Managing Your Game Population

Posted by Cambios on December 27th, 2008

PopulationMMOs are all about community and playing with (or around) other players. This means population management is vitally important. If the game is too crowded, because get sick of not being able to do things. If the game is too empty, the game is no fun because they cannot find people to play with, group with, team with, or compete against. This is an extremely delicate balancing act. This was hard enough in the old days of MUDs when everyone played on the same server. Then, the only thing you had to worry about was spreading people too thin around the world. But now, with the exception of a small handful of games, all MMOs have tons of servers. Companies that run multi-server (or multi-shard) MMOs have that issue to deal with on top of the matter of figuring out ways to keep players geographically close to each other inside the game.

Geographical Population

This is the type of population problem MUDs and one-shared MMOs deal with.
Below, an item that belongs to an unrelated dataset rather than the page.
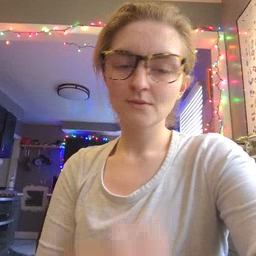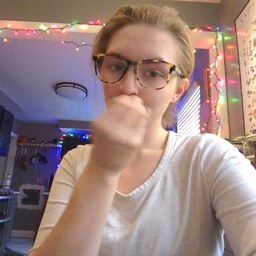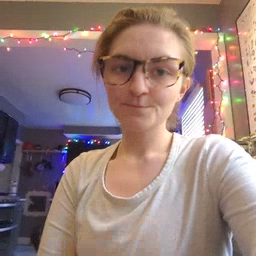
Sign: flower

They need to make sure the do not design their game universe in a manner that spreads people out too much. On Threshold, I accomplished this by only having ONE major city with shopkeepers, training halls, and a tavern. As a result, everyone naturally concentrated in a single place between adventures. It was not until the game had grown significantly that I added another major city with shops and taverns.

Server Population

This is a new problem that modern, large MMOs have to deal with. This is a particularly serious problem because most graphical MMOs these days waste so much of their content. The overwhelming majority of their world is total throw away. People blaze through entire zones in an hour or two and will never visit it again. With content being consumed so fast, it needs to be readily available to a lot of people. Thus, a server cannot support more than a few hundred players (or a few thousand tops) all playing at the same time.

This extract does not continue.